Figure 7.5. One-to-many replication for stock quotes

This sort of information dissemination can be accomplished via asynchronous database replication (discussed in Chapter 8), as well as a simple, reliable multicast approach using a technology such as Spread.

Not-So-Simple Distributed Information Caches

Now look at an SSL session cache. When an SSL connection is established, a session key and a corresponding session context are established. When a browser has a session ID and initiates another request, if it is found in the server's session cache, an expensive asymmetric key negotiation can be avoided.

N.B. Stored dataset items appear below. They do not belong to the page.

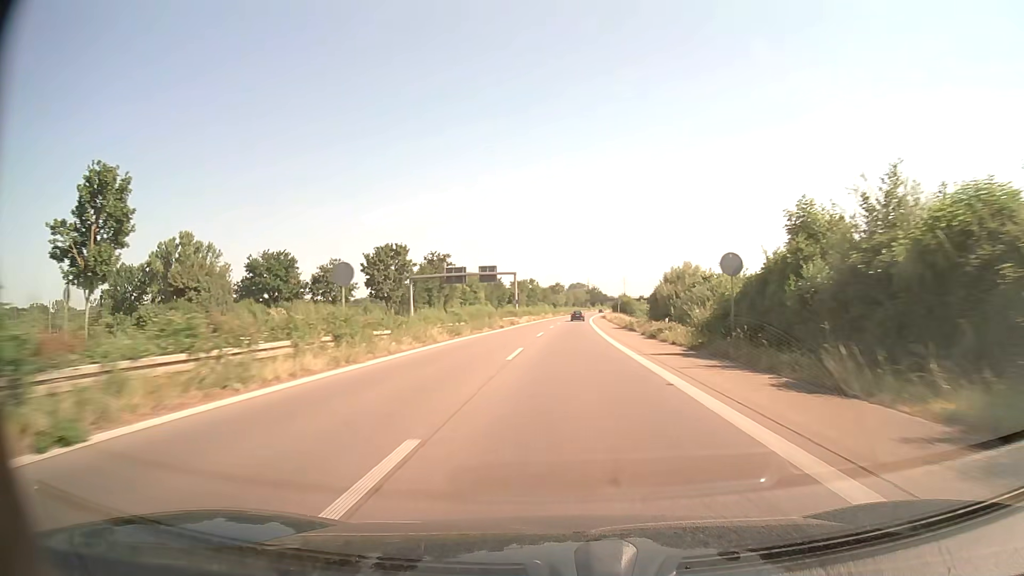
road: trunk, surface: asphalt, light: Day
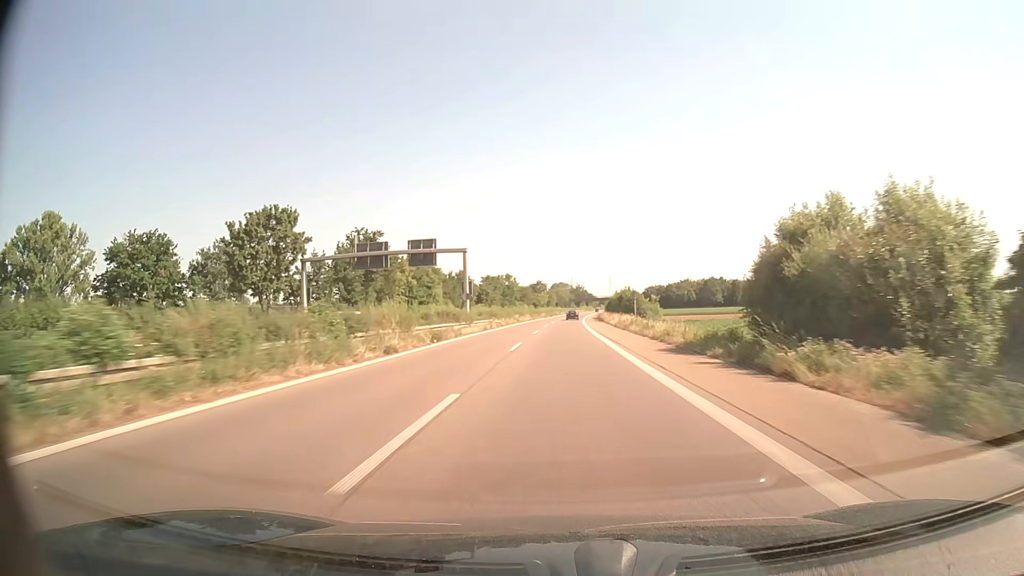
(+0.5, +32.4) m; +2°
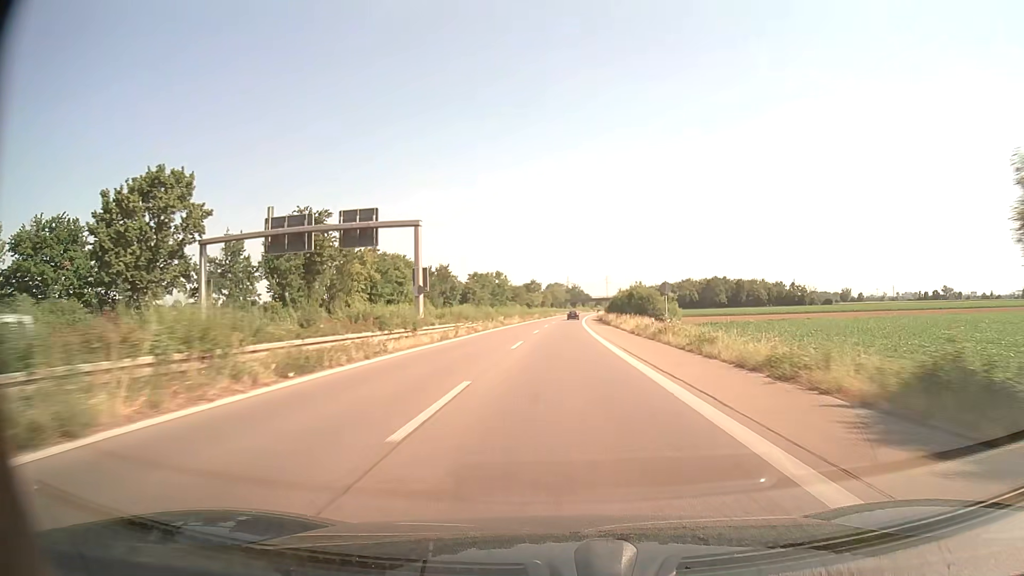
(0.0, +16.2) m; 0°
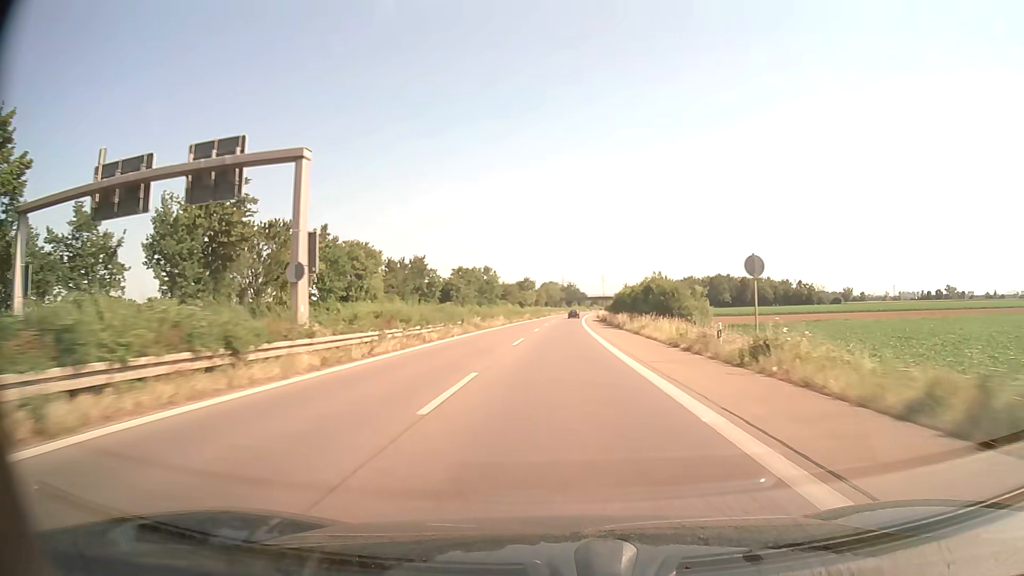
(+0.1, +16.2) m; +1°
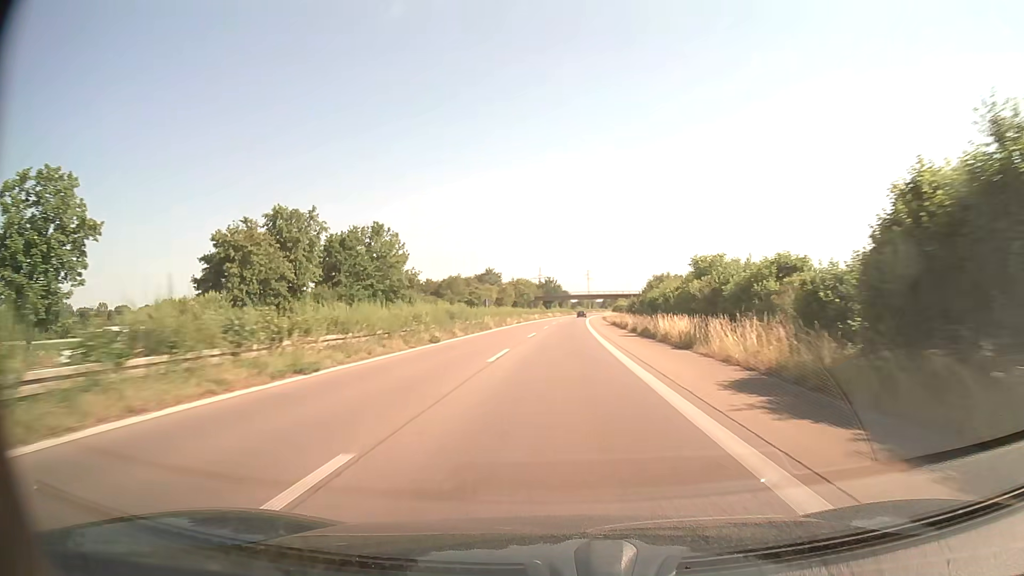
(+1.3, +81.0) m; +2°
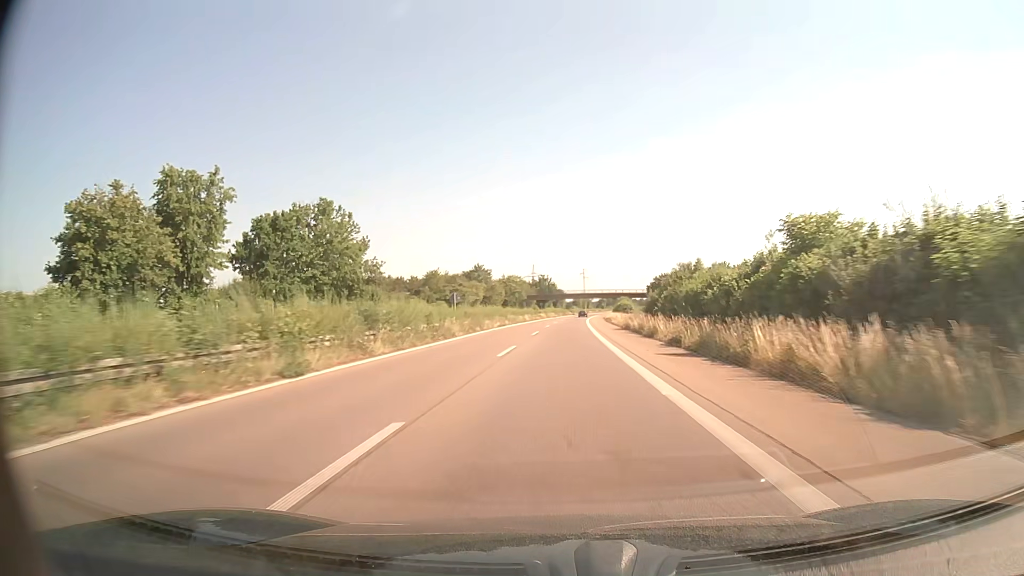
(+0.1, +16.2) m; 0°
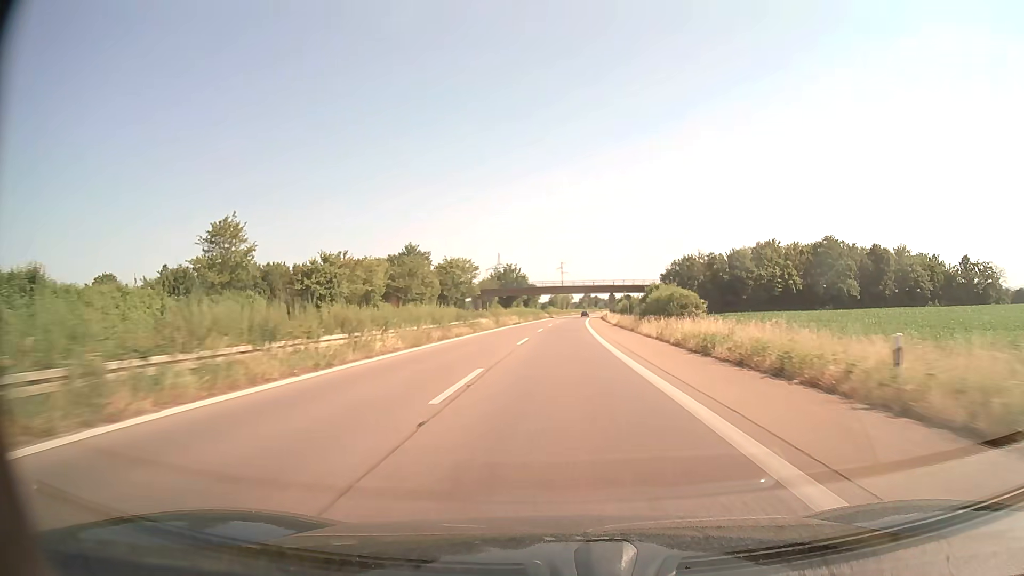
(+1.2, +64.7) m; +2°
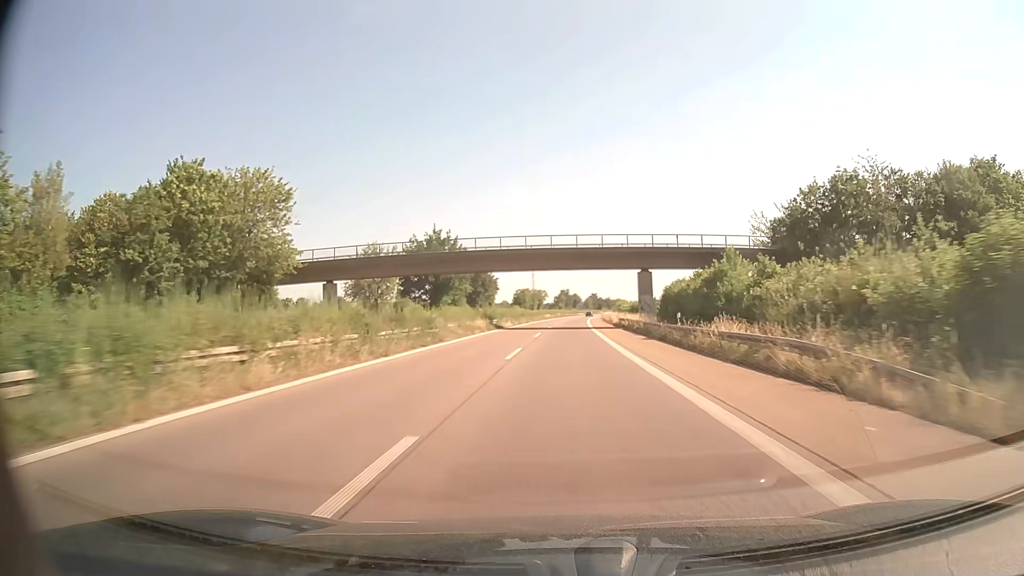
(+1.5, +80.7) m; +2°
(0, +10) (0, +20) (0, +30) (0, +40) (+1, +50) (+1, +60) (+1, +70) (+2, +80) (+2, +90) (+2, +100) m

In a clustered environment where we want to capitalize on all of our resources as efficiently as possible, we want to be able to allocate a request to the machine that has the most sufficient resources to satisfy it. In a typical SSL environment, subsequent requests are often sent back to the same server to avoid expensive cryptographic computationseven if that server is overloaded.

Alternatively, the SSL session information can be placed in a distributed cache (shown in Figure 7.6) so that subsequent requests can be serviced by any machine in the cluster without unnecessary overhead induced by an "absent" SSL session.

Figure 7.6. Commutative replication of SSL sessions

This problem is distinctly different from the stock quote problem. In this system, we must publish from all participating nodes and as such, the issues of partitions and merges of the network arise.

Ben Laurie's Splash! SSL session caching system based on Spread tackles some of these issues, and Spread Concept's Replicated Hash Table (RHT) product, although it doesn't integrate directly with SSL session caching systems, tackles all the commutative replication requirements for such a distributed caching architecture.